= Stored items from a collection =
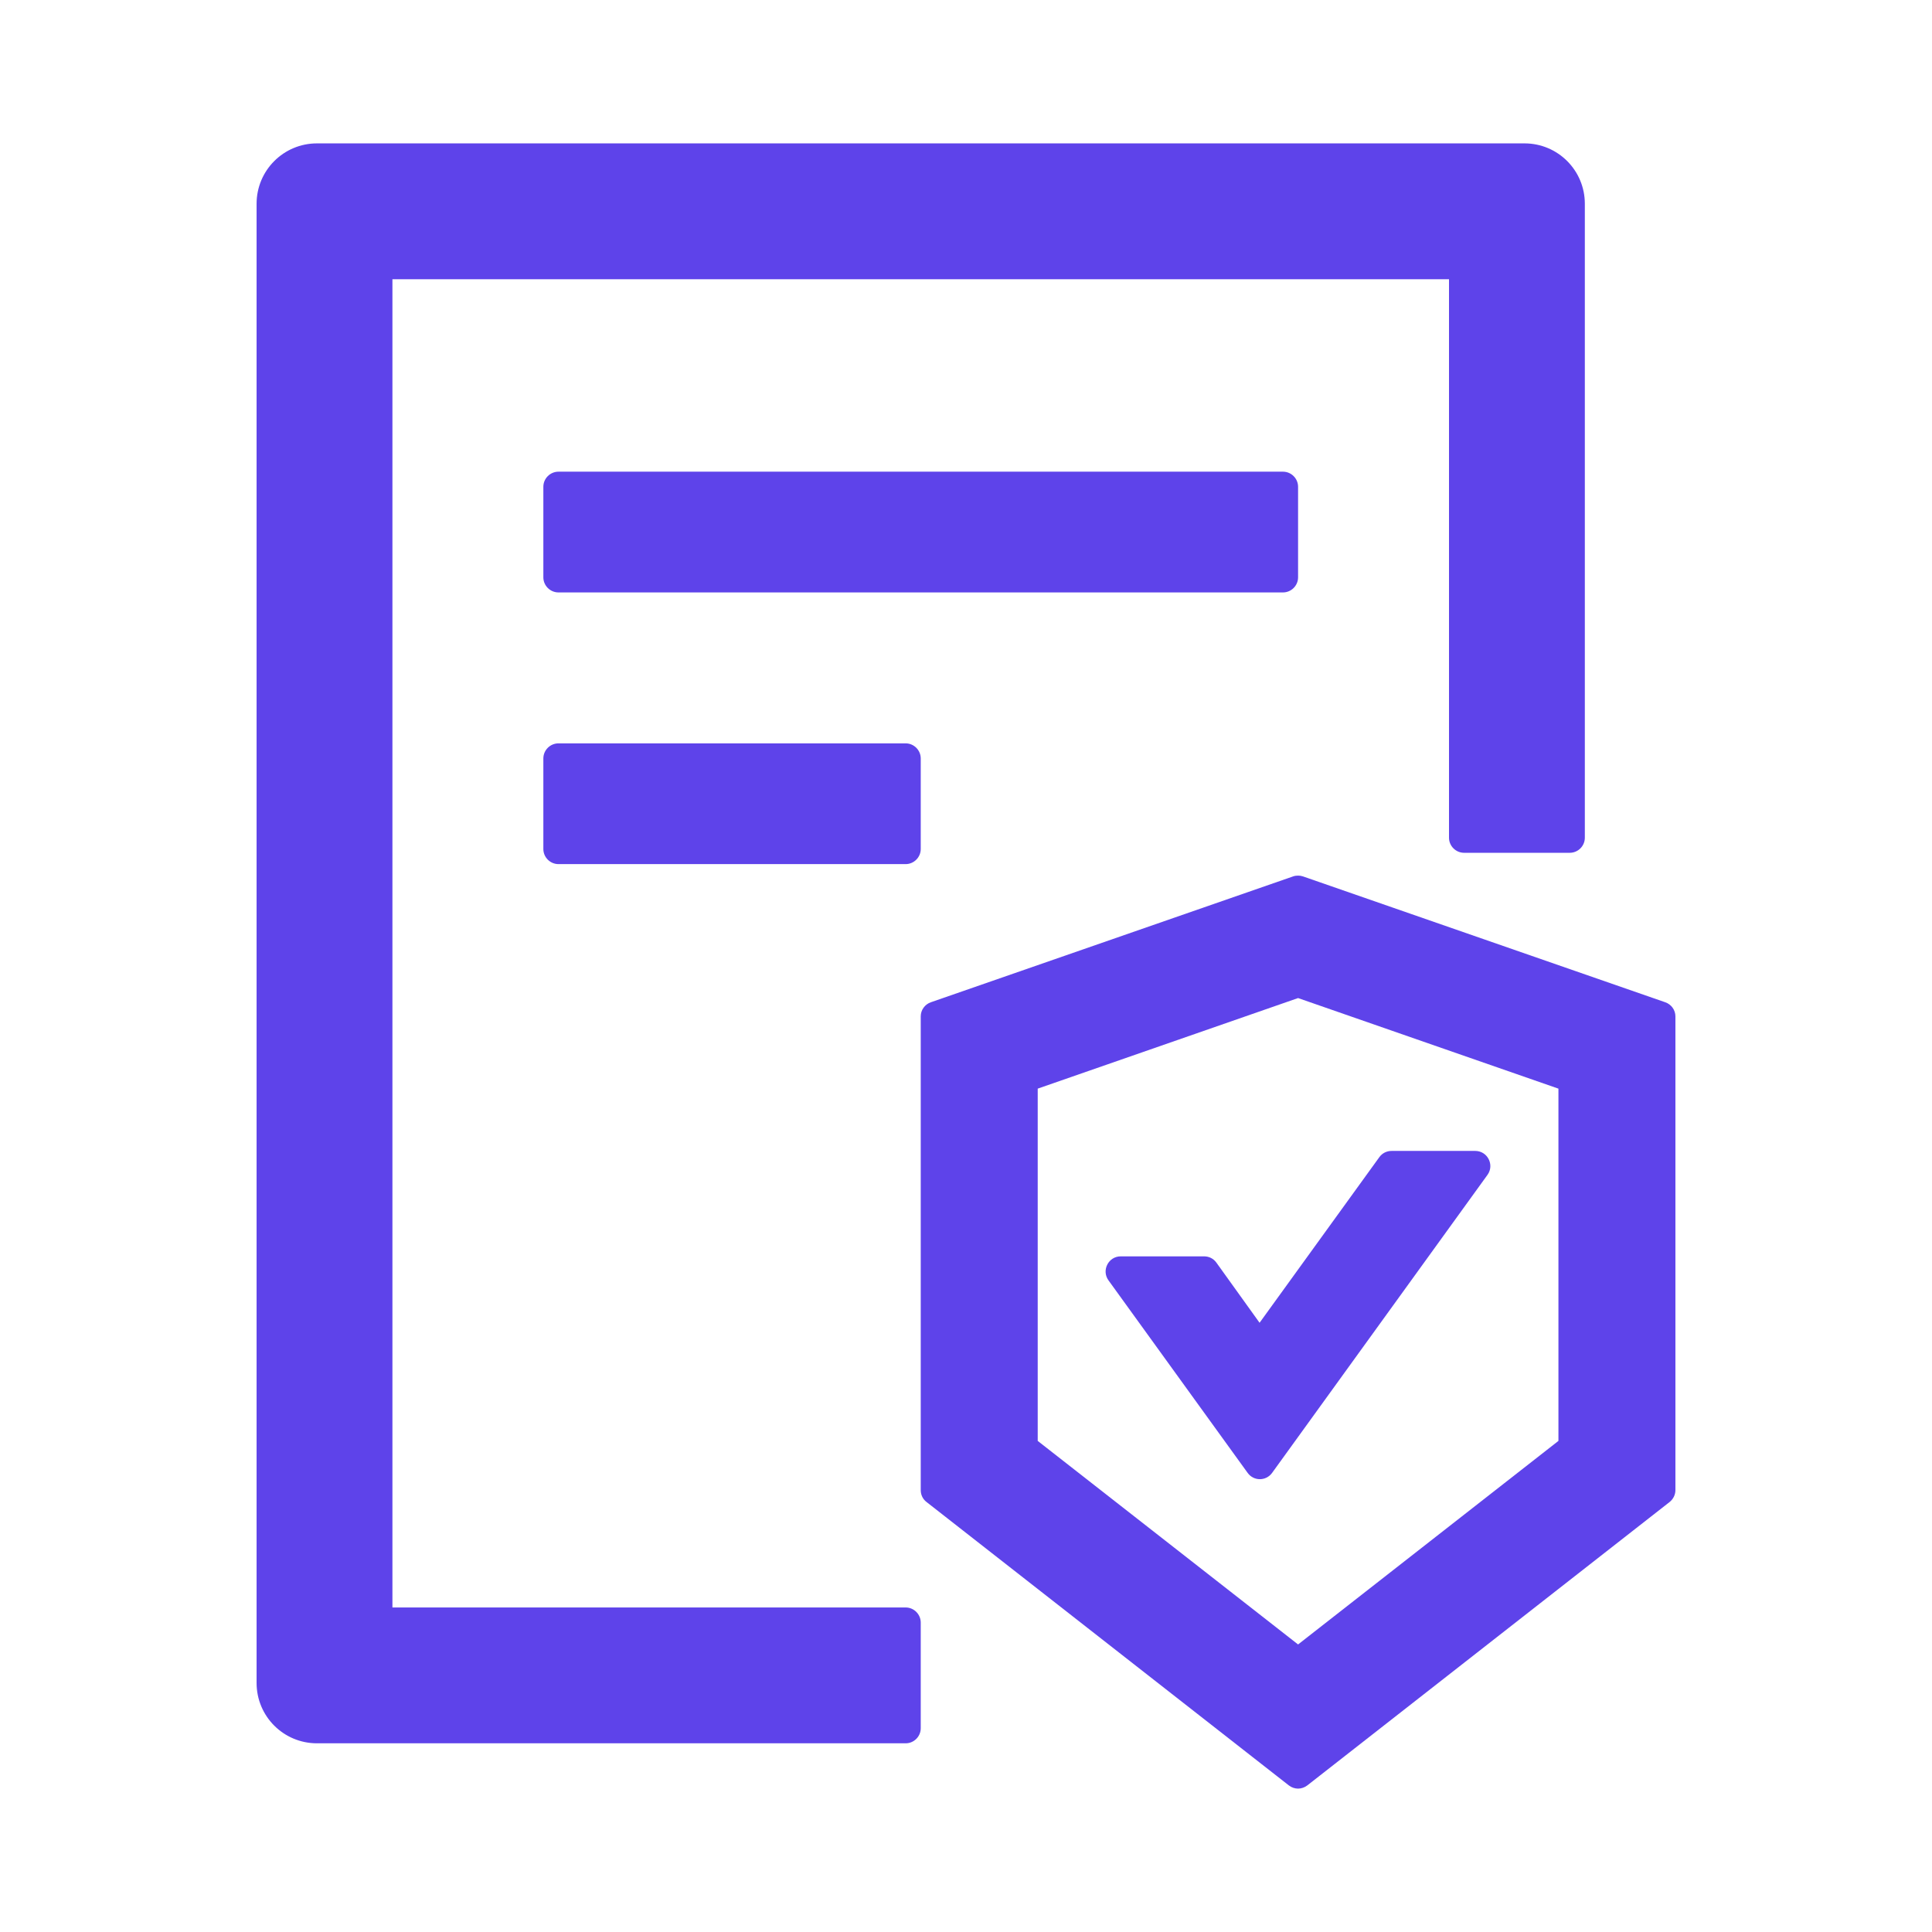 <svg width="42" height="42" viewBox="0 0 42 42" fill="none" xmlns="http://www.w3.org/2000/svg">
<path d="M26.443 27.448C26.381 27.361 26.283 27.312 26.176 27.312H24.363C24.097 27.312 23.941 27.616 24.097 27.833L27.124 32.021C27.255 32.201 27.521 32.201 27.653 32.021L32.337 25.54C32.493 25.323 32.337 25.02 32.07 25.02H30.253C30.146 25.02 30.048 25.069 29.986 25.155L27.382 28.756L26.443 27.448ZM28.219 12.551V10.582C28.219 10.402 28.071 10.254 27.891 10.254H12.141C11.96 10.254 11.812 10.402 11.812 10.582V12.551C11.812 12.731 11.96 12.879 12.141 12.879H27.891C28.071 12.879 28.219 12.731 28.219 12.551ZM12.141 16.16C11.96 16.16 11.812 16.308 11.812 16.488V18.457C11.812 18.637 11.96 18.785 12.141 18.785H19.688C19.868 18.785 20.016 18.637 20.016 18.457V16.488C20.016 16.308 19.868 16.16 19.688 16.16H12.141Z" fill="#5E43EA"/>
<path d="M19.688 34.945H8.531V6.07H31.5V18.211C31.5 18.391 31.648 18.539 31.828 18.539H34.125C34.306 18.539 34.453 18.391 34.453 18.211V4.43C34.453 3.704 33.867 3.117 33.141 3.117H6.891C6.165 3.117 5.578 3.704 5.578 4.43V36.586C5.578 37.312 6.165 37.898 6.891 37.898H19.688C19.868 37.898 20.016 37.751 20.016 37.57V35.273C20.016 35.093 19.868 34.945 19.688 34.945Z" fill="#5E43EA"/>
<path d="M36.2 21.788L28.325 19.052C28.288 19.04 28.256 19.035 28.219 19.035C28.182 19.035 28.145 19.04 28.112 19.052L20.237 21.788C20.106 21.833 20.016 21.956 20.016 22.095V32.394C20.016 32.497 20.061 32.591 20.143 32.653L28.018 38.813C28.075 38.858 28.149 38.883 28.219 38.883C28.288 38.883 28.362 38.858 28.42 38.813L36.295 32.653C36.373 32.591 36.422 32.497 36.422 32.394V22.095C36.422 21.956 36.332 21.833 36.2 21.788ZM33.879 31.324L28.219 35.749L22.559 31.324V23.666L28.219 21.697L33.879 23.666V31.324Z" fill="#5E43EA"/>
</svg>

= Task to carry out =
An exact copy of the records above is wanted, with the pictures omitted.

= Answer below =
 <svg width="42" height="42" viewBox="0 0 42 42" fill="none" xmlns="http://www.w3.org/2000/svg">
<path d="M26.443 27.448C26.381 27.361 26.283 27.312 26.176 27.312H24.363C24.097 27.312 23.941 27.616 24.097 27.833L27.124 32.021C27.255 32.201 27.521 32.201 27.653 32.021L32.337 25.54C32.493 25.323 32.337 25.02 32.07 25.02H30.253C30.146 25.02 30.048 25.069 29.986 25.155L27.382 28.756L26.443 27.448ZM28.219 12.551V10.582C28.219 10.402 28.071 10.254 27.891 10.254H12.141C11.96 10.254 11.812 10.402 11.812 10.582V12.551C11.812 12.731 11.96 12.879 12.141 12.879H27.891C28.071 12.879 28.219 12.731 28.219 12.551ZM12.141 16.16C11.96 16.16 11.812 16.308 11.812 16.488V18.457C11.812 18.637 11.96 18.785 12.141 18.785H19.688C19.868 18.785 20.016 18.637 20.016 18.457V16.488C20.016 16.308 19.868 16.16 19.688 16.16H12.141Z" fill="#5E43EA"/>
<path d="M19.688 34.945H8.531V6.07H31.5V18.211C31.5 18.391 31.648 18.539 31.828 18.539H34.125C34.306 18.539 34.453 18.391 34.453 18.211V4.43C34.453 3.704 33.867 3.117 33.141 3.117H6.891C6.165 3.117 5.578 3.704 5.578 4.43V36.586C5.578 37.312 6.165 37.898 6.891 37.898H19.688C19.868 37.898 20.016 37.751 20.016 37.57V35.273C20.016 35.093 19.868 34.945 19.688 34.945Z" fill="#5E43EA"/>
<path d="M36.2 21.788L28.325 19.052C28.288 19.04 28.256 19.035 28.219 19.035C28.182 19.035 28.145 19.04 28.112 19.052L20.237 21.788C20.106 21.833 20.016 21.956 20.016 22.095V32.394C20.016 32.497 20.061 32.591 20.143 32.653L28.018 38.813C28.075 38.858 28.149 38.883 28.219 38.883C28.288 38.883 28.362 38.858 28.42 38.813L36.295 32.653C36.373 32.591 36.422 32.497 36.422 32.394V22.095C36.422 21.956 36.332 21.833 36.2 21.788ZM33.879 31.324L28.219 35.749L22.559 31.324V23.666L28.219 21.697L33.879 23.666V31.324Z" fill="#5E43EA"/>
</svg>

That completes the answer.